■ Task instructions: Write out each record exactly and skip every image.

■ Records for the task:
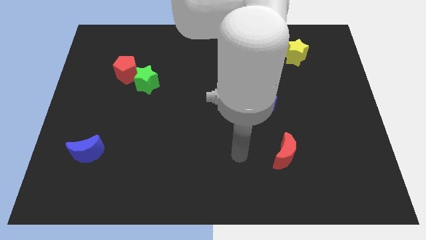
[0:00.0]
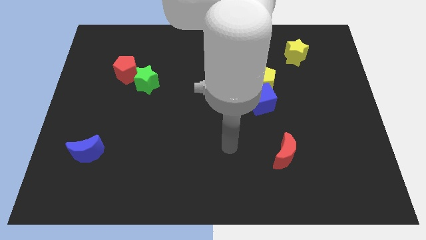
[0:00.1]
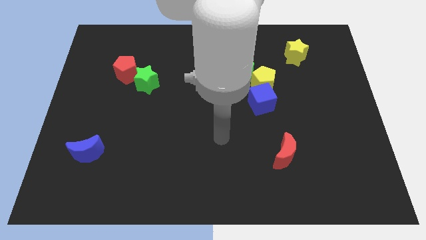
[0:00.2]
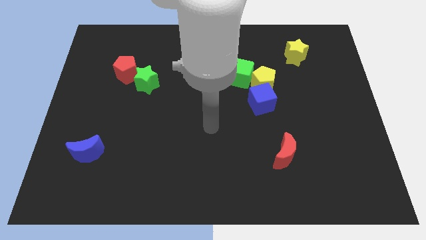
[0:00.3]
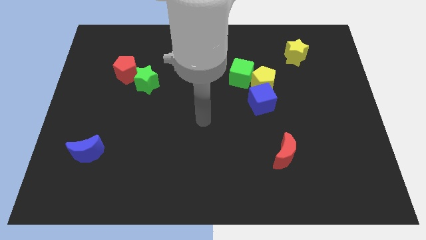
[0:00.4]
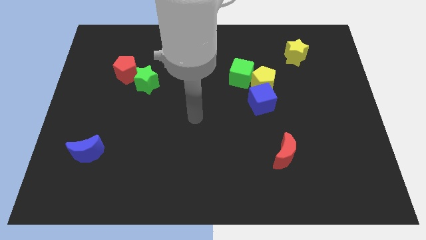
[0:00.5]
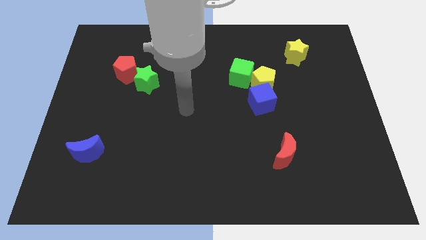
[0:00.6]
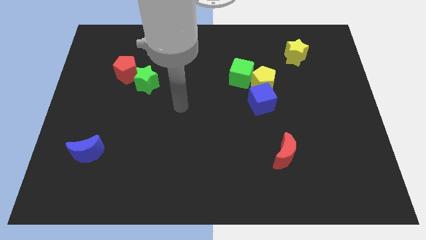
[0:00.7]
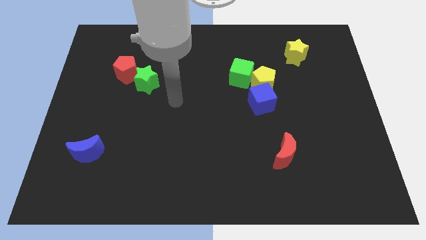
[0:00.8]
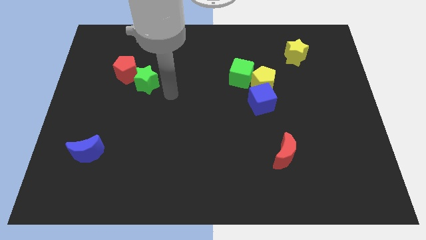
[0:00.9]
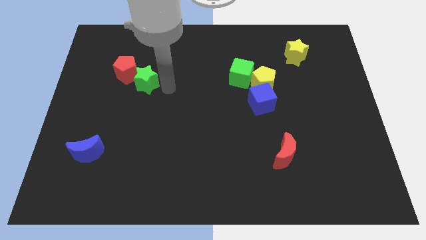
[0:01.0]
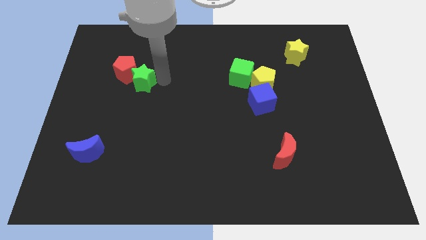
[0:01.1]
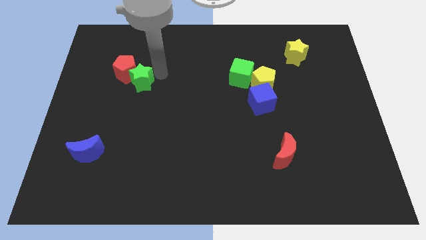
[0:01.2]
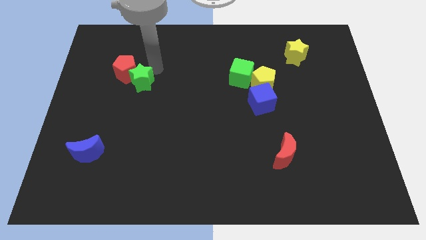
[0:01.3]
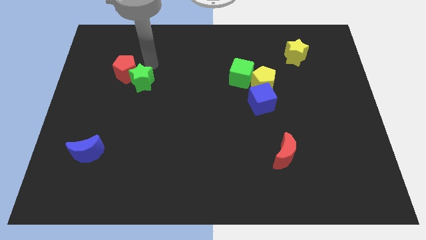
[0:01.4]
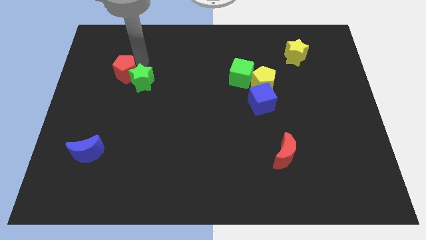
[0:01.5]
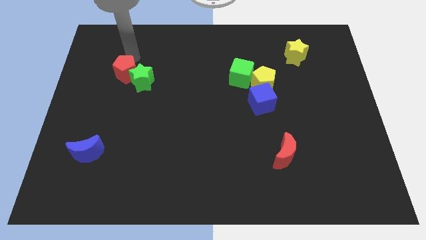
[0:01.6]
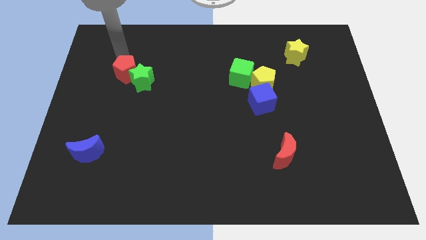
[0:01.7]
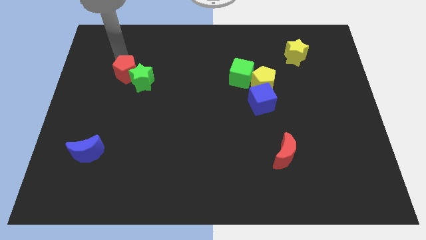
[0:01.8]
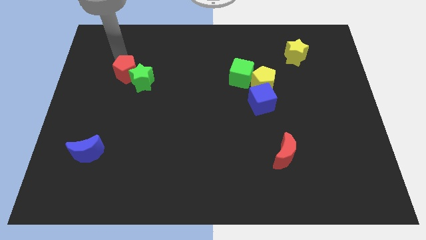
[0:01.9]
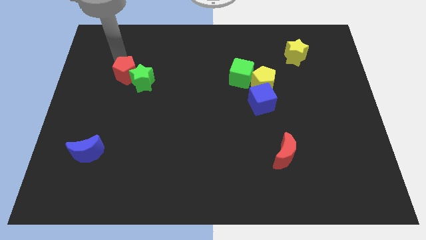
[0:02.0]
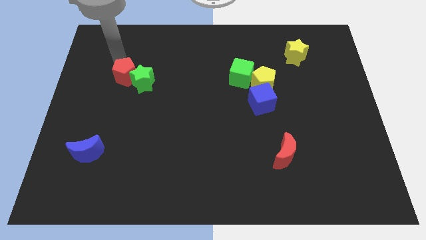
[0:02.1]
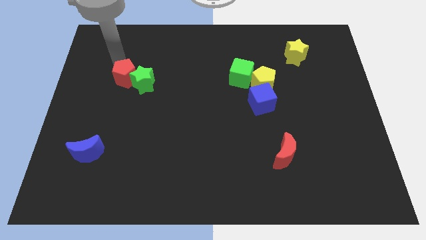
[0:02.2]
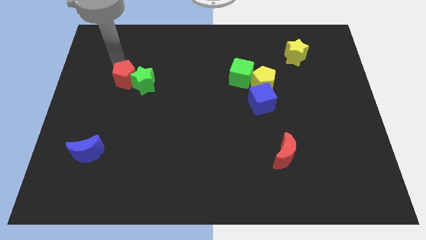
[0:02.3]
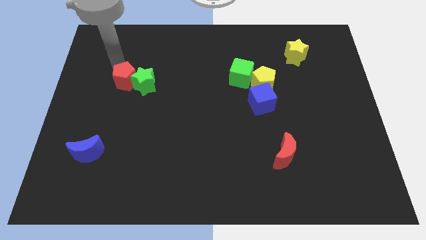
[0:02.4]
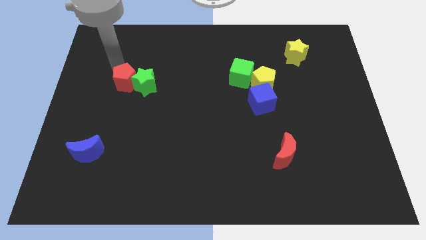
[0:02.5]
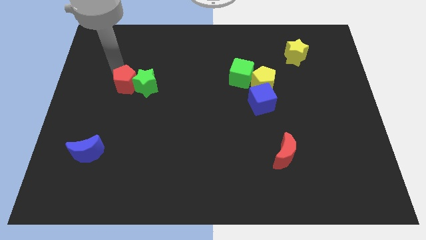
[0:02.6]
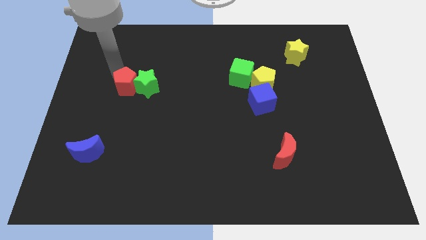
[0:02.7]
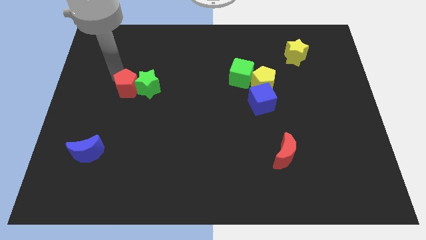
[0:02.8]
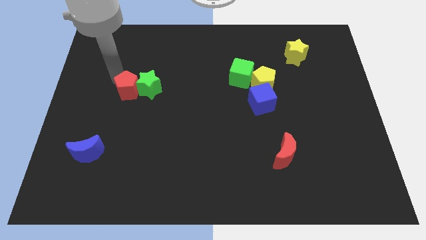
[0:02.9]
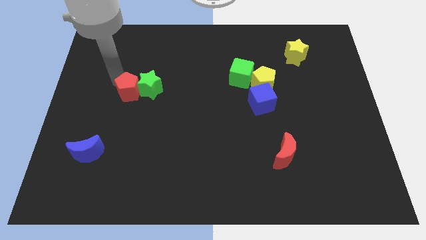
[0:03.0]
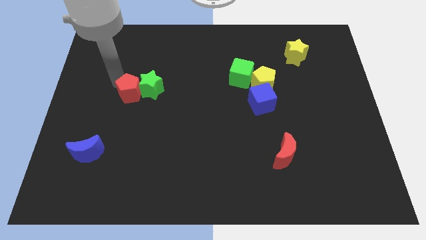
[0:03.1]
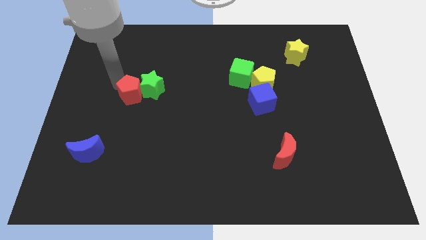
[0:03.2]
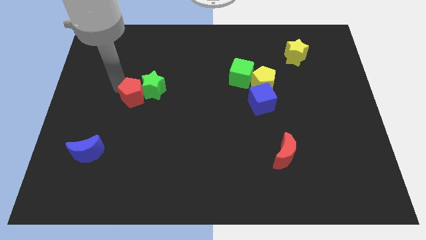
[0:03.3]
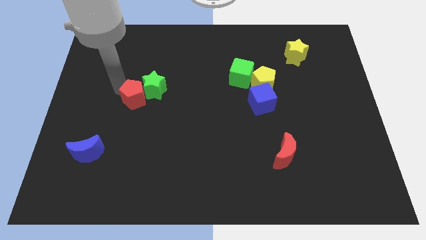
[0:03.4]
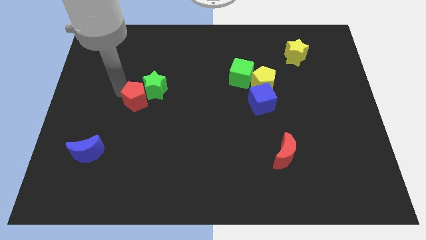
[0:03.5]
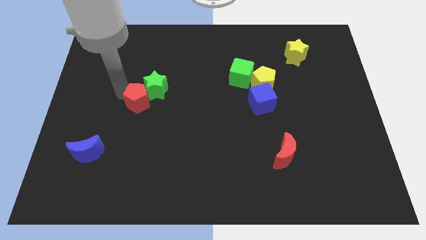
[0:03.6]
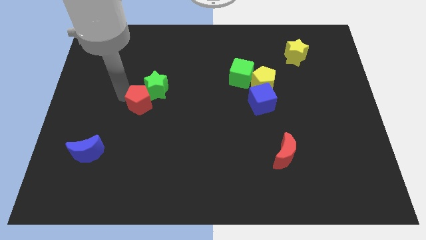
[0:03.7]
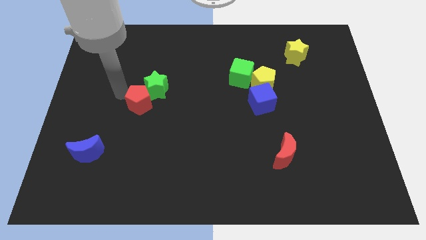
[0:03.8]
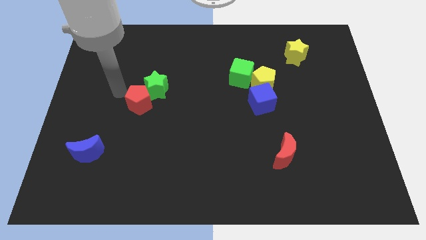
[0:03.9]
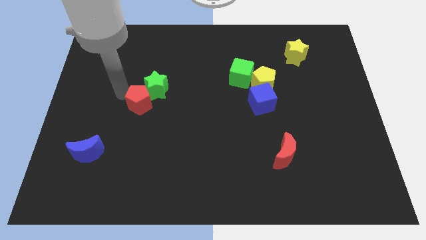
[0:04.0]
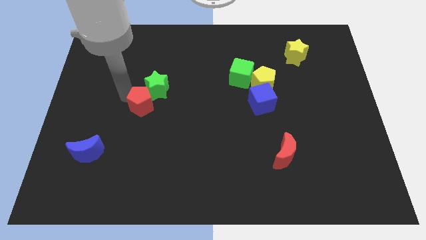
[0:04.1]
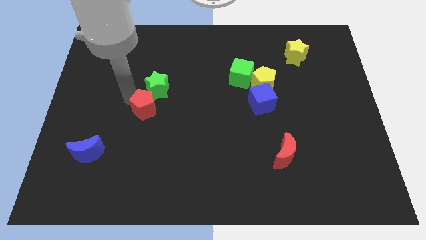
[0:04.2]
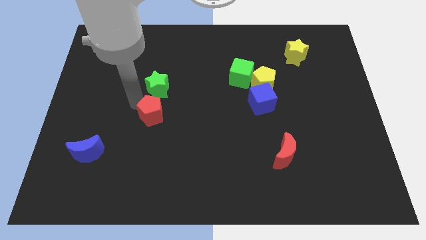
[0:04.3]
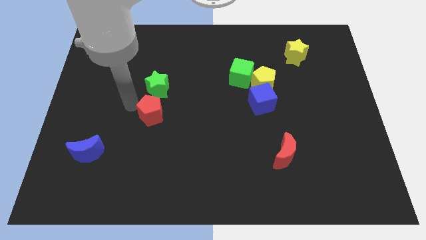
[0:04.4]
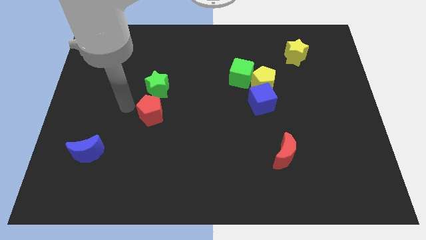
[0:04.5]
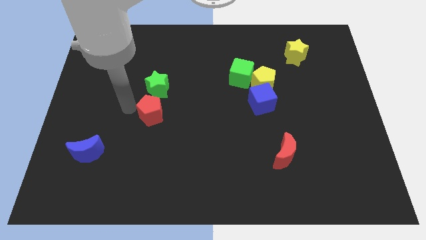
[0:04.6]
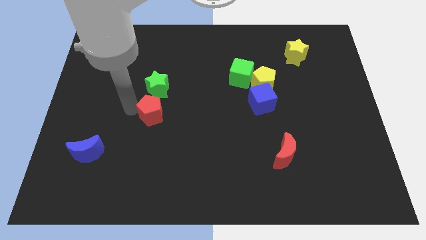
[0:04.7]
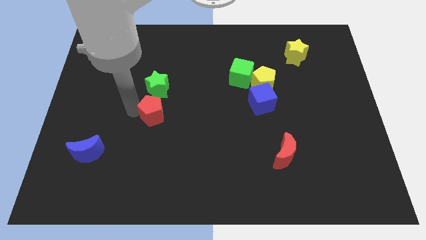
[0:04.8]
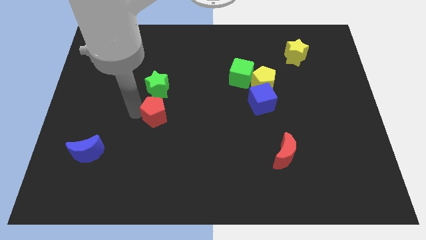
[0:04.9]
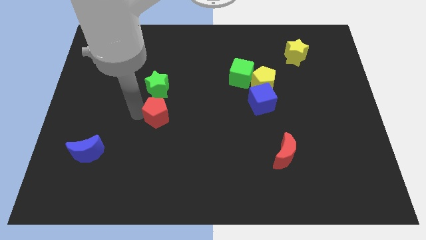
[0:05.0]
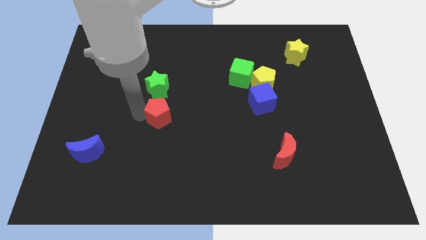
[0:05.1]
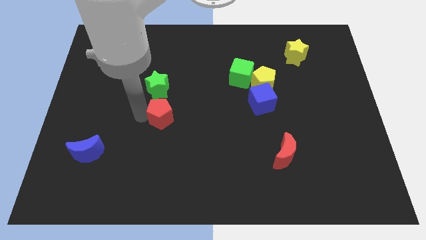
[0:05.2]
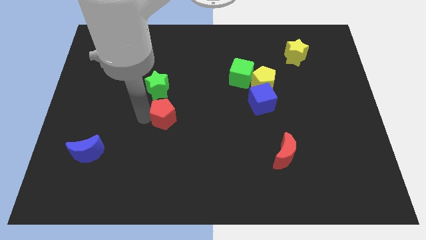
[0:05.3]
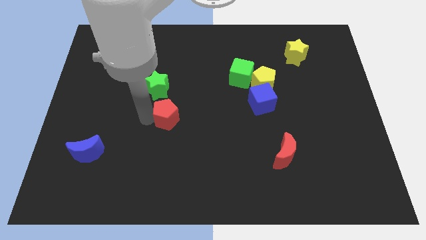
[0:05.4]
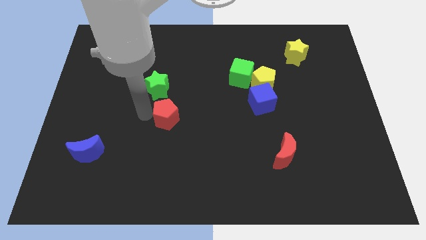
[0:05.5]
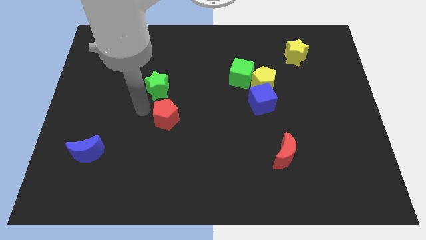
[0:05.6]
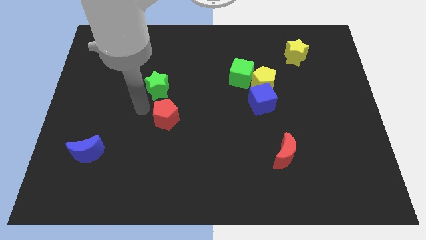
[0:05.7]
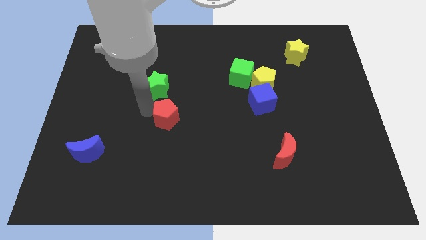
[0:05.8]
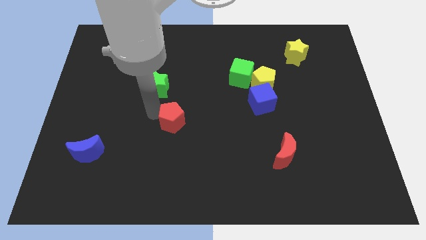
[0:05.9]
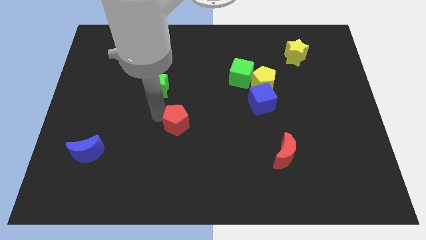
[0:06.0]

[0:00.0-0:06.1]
push the red pentagon diagonally downwards and to the right

■ Written response:
[0:00.0]
[0:00.1]
[0:00.2]
[0:00.3]
[0:00.4]
[0:00.5]
[0:00.6]
[0:00.7]
[0:00.8]
[0:00.9]
[0:01.0]
[0:01.1]
[0:01.2]
[0:01.3]
[0:01.4]
[0:01.5]
[0:01.6]
[0:01.7]
[0:01.8]
[0:01.9]
[0:02.0]
[0:02.1]
[0:02.2]
[0:02.3]
[0:02.4]
[0:02.5]
[0:02.6]
[0:02.7]
[0:02.8]
[0:02.9]
[0:03.0]
[0:03.1]
[0:03.2]
[0:03.3]
[0:03.4]
[0:03.5]
[0:03.6]
[0:03.7]
[0:03.8]
[0:03.9]
[0:04.0]
[0:04.1]
[0:04.2]
[0:04.3]
[0:04.4]
[0:04.5]
[0:04.6]
[0:04.7]
[0:04.8]
[0:04.9]
[0:05.0]
[0:05.1]
[0:05.2]
[0:05.3]
[0:05.4]
[0:05.5]
[0:05.6]
[0:05.7]
[0:05.8]
[0:05.9]
[0:06.0]

[0:00.0-0:06.1]
push the red pentagon diagonally downwards and to the right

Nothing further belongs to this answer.